#### [THE PROBLEM]
Below are records to be copied exactly; their pictures are to be omitted.

** RECORDS TO USE follows **

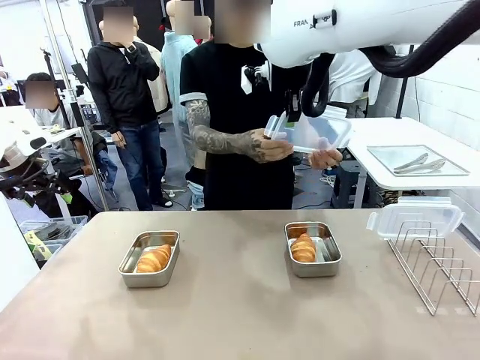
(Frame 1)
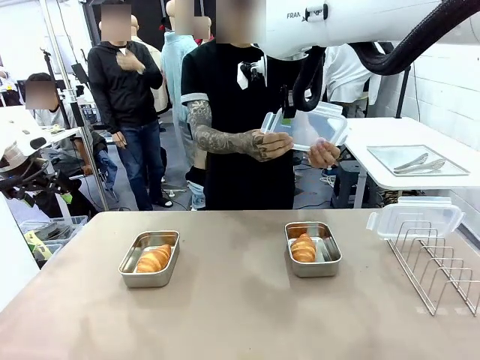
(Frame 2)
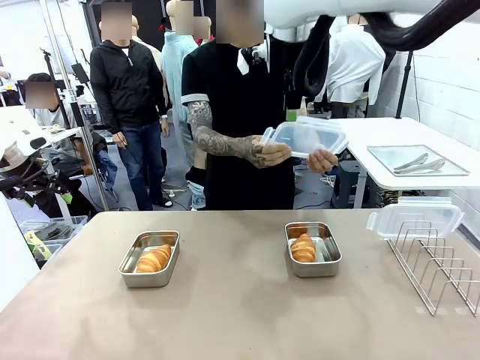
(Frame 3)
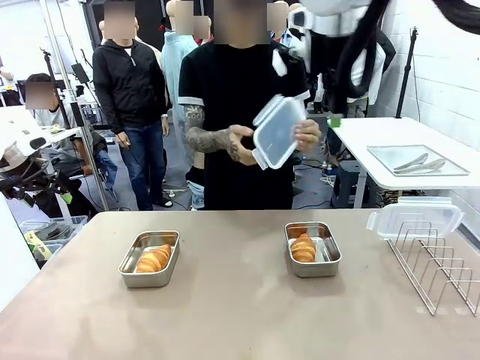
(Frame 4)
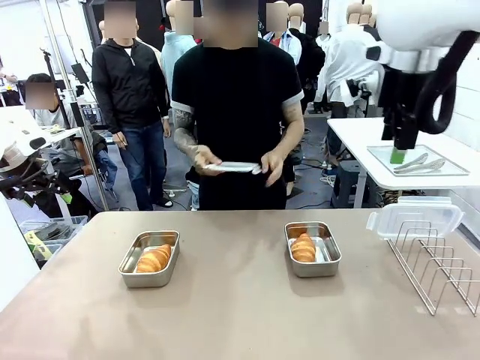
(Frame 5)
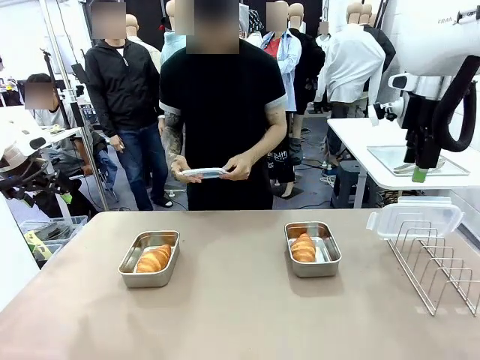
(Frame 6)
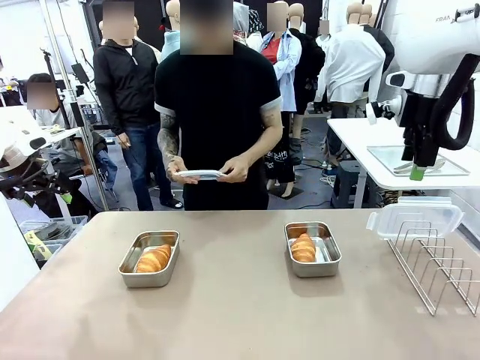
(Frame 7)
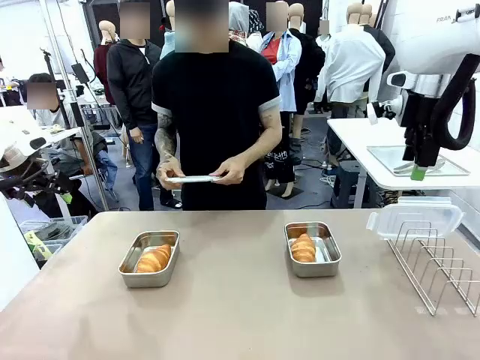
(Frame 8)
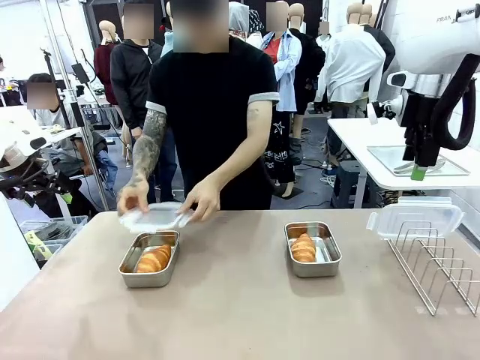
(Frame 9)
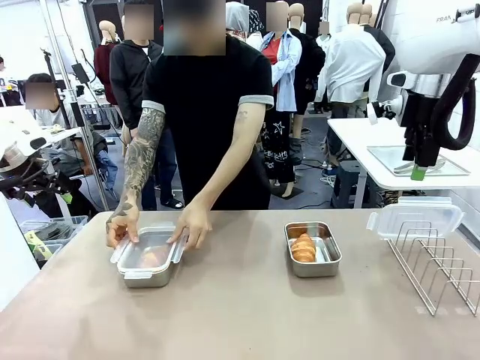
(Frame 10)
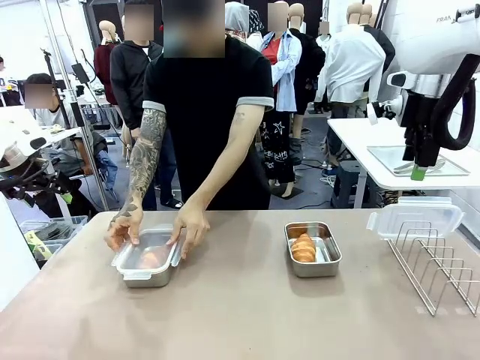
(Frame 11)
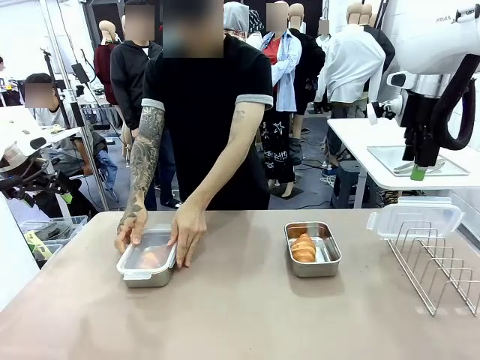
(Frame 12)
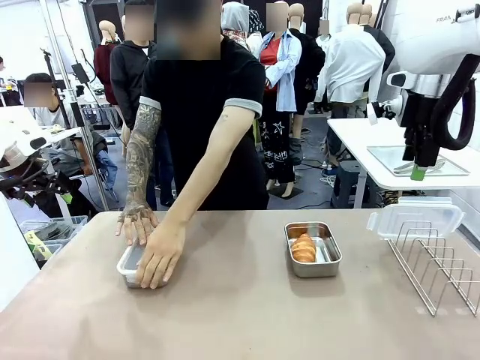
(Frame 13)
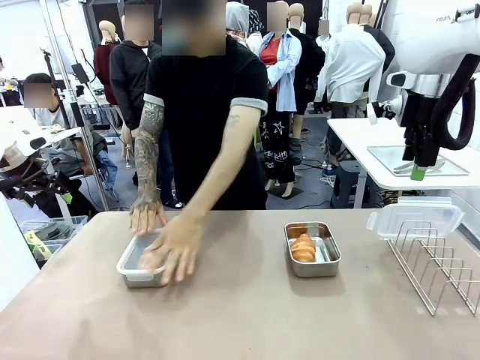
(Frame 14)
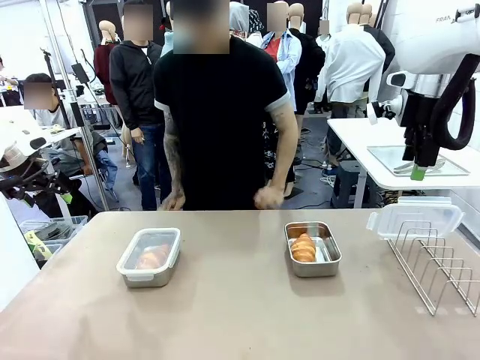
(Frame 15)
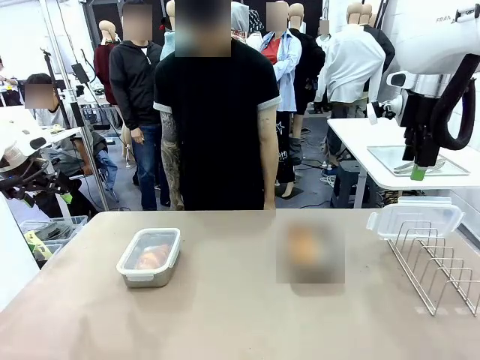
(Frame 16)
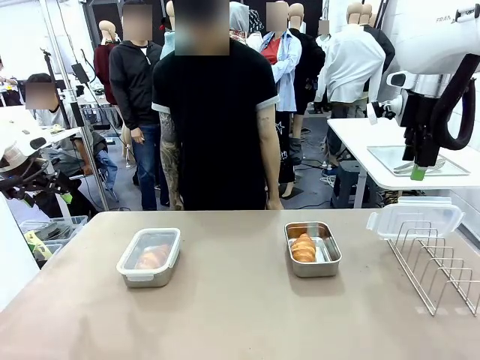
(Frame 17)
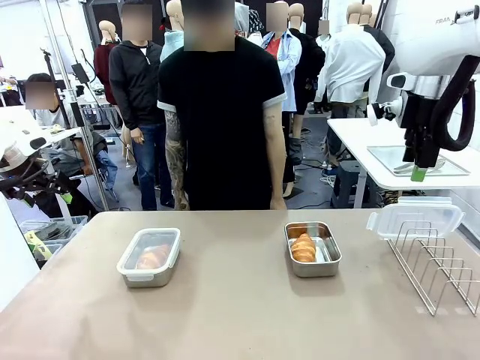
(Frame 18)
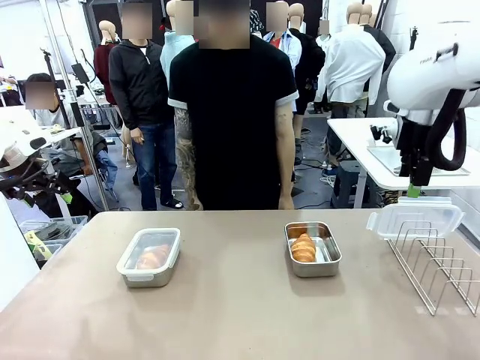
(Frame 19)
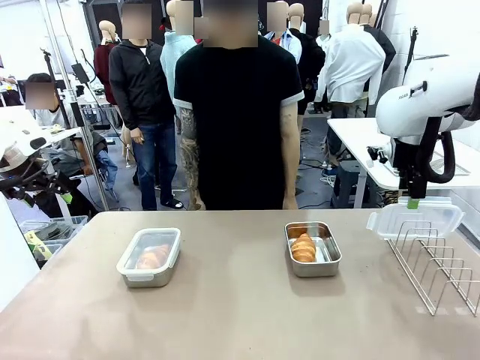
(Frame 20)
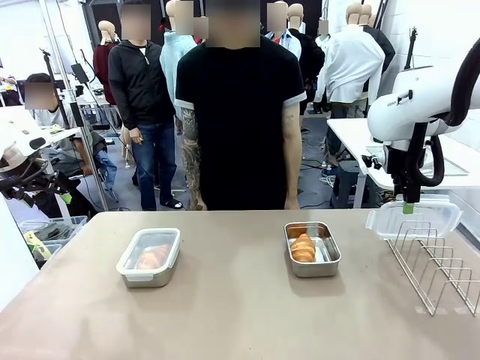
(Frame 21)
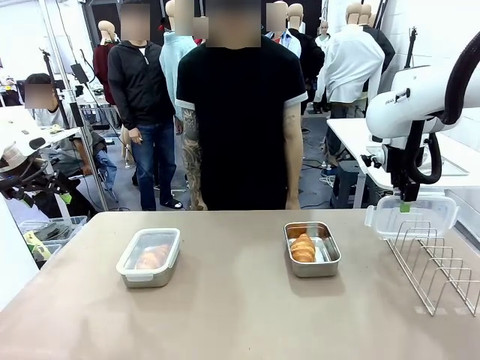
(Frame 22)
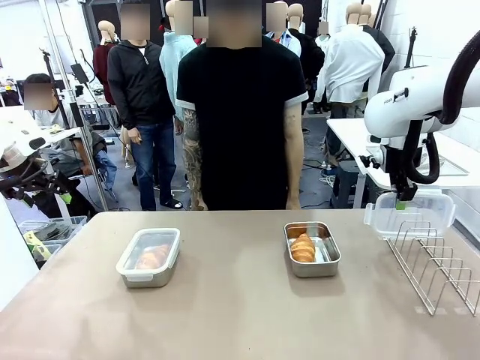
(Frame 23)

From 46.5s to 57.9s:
Task: Place the bread in airtight containers.
Robot: Pick up one Airtight Container lid and hand it to the human.
Person: Close Airtight Container with a handed Airtight Container lid.

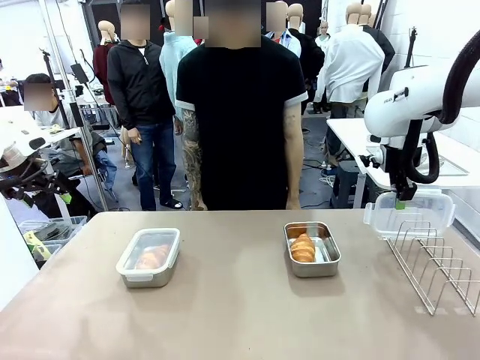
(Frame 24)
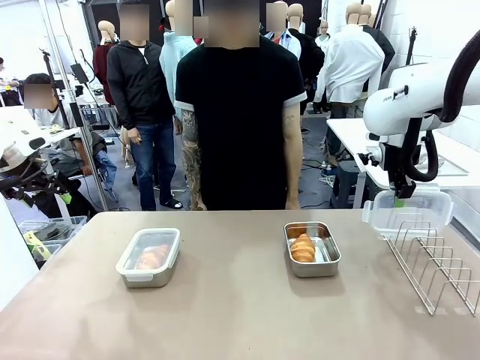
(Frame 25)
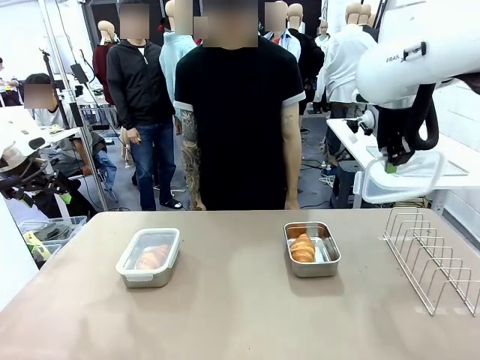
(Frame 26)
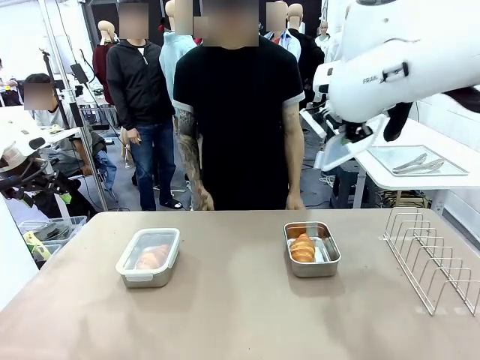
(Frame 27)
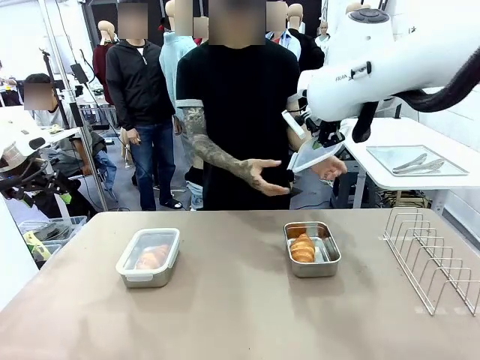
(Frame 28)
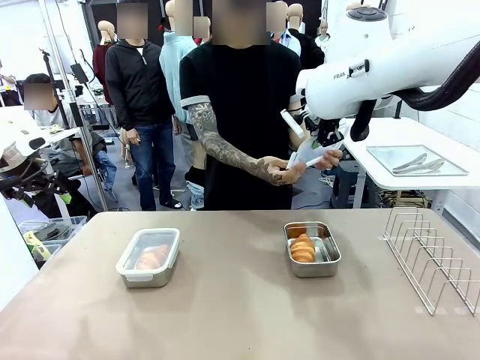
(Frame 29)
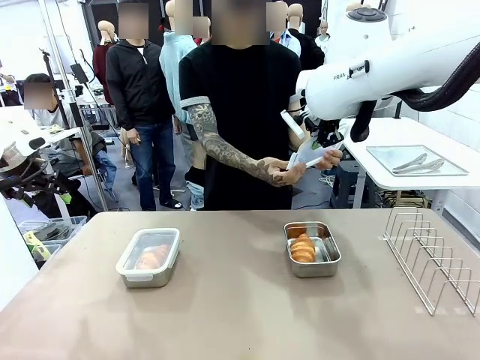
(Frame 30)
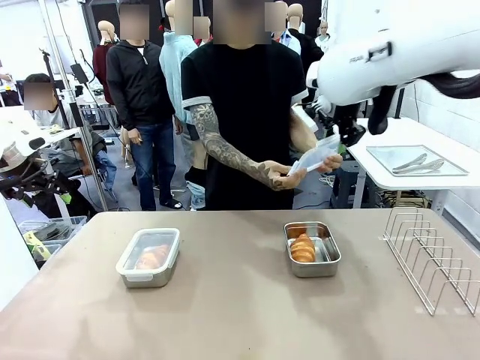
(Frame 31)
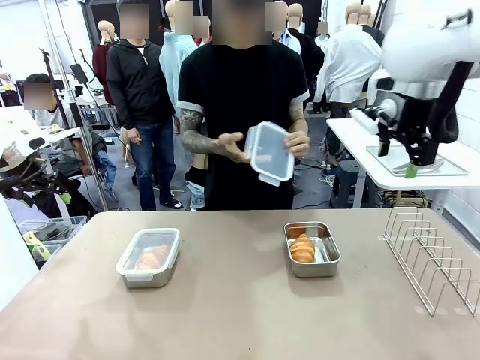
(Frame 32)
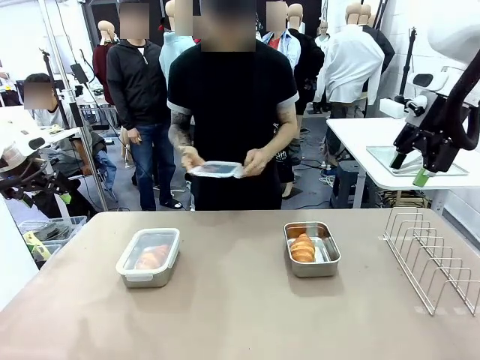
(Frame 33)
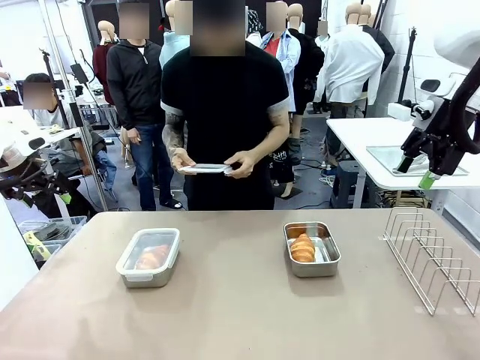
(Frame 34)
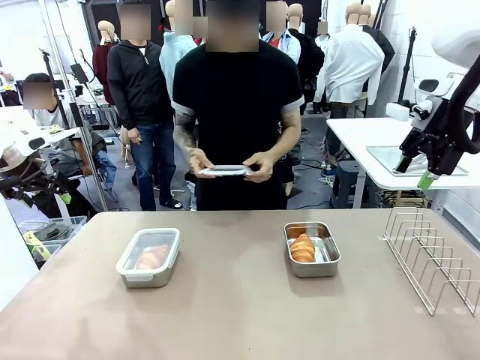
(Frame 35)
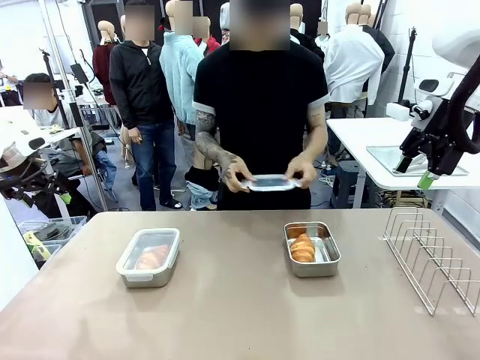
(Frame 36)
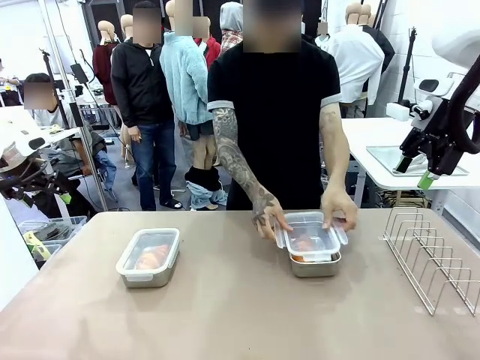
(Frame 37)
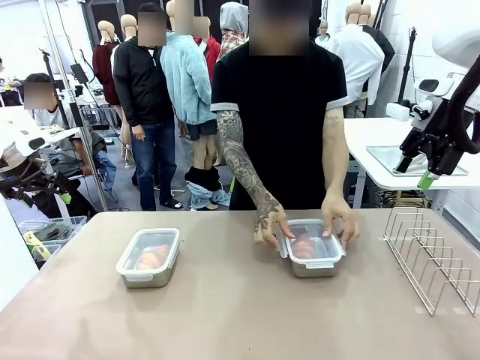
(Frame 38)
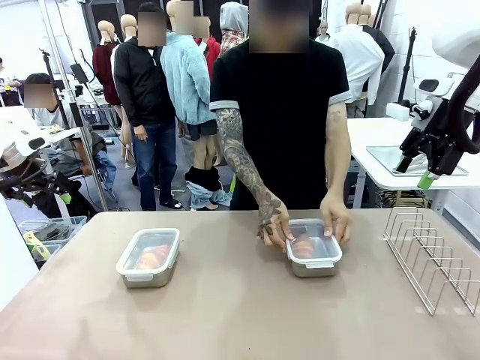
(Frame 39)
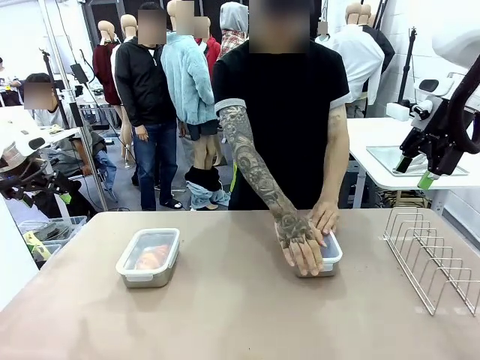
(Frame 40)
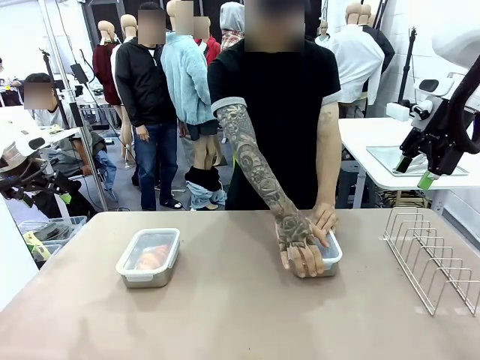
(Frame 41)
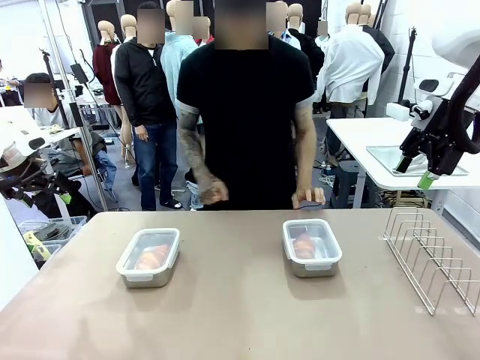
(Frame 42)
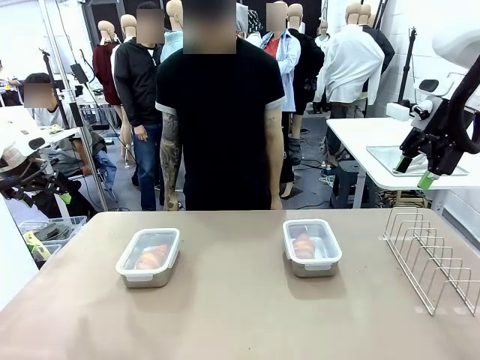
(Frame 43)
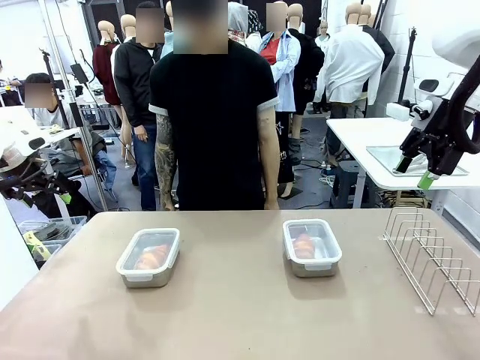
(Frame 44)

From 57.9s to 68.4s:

** End of RECORDS TO USE **

#### [YOUR RESPONSE]
(Frame 1)
(Frame 2)
(Frame 3)
(Frame 4)
(Frame 5)
(Frame 6)
(Frame 7)
(Frame 8)
(Frame 9)
(Frame 10)
(Frame 11)
(Frame 12)
(Frame 13)
(Frame 14)
(Frame 15)
(Frame 16)
(Frame 17)
(Frame 18)
(Frame 19)
(Frame 20)
(Frame 21)
(Frame 22)
(Frame 23)

From 46.5s to 57.9s:
Task: Place the bread in airtight containers.
Robot: Pick up one Airtight Container lid and hand it to the human.
Person: Close Airtight Container with a handed Airtight Container lid.

(Frame 24)
(Frame 25)
(Frame 26)
(Frame 27)
(Frame 28)
(Frame 29)
(Frame 30)
(Frame 31)
(Frame 32)
(Frame 33)
(Frame 34)
(Frame 35)
(Frame 36)
(Frame 37)
(Frame 38)
(Frame 39)
(Frame 40)
(Frame 41)
(Frame 42)
(Frame 43)
(Frame 44)

From 57.9s to 68.4s:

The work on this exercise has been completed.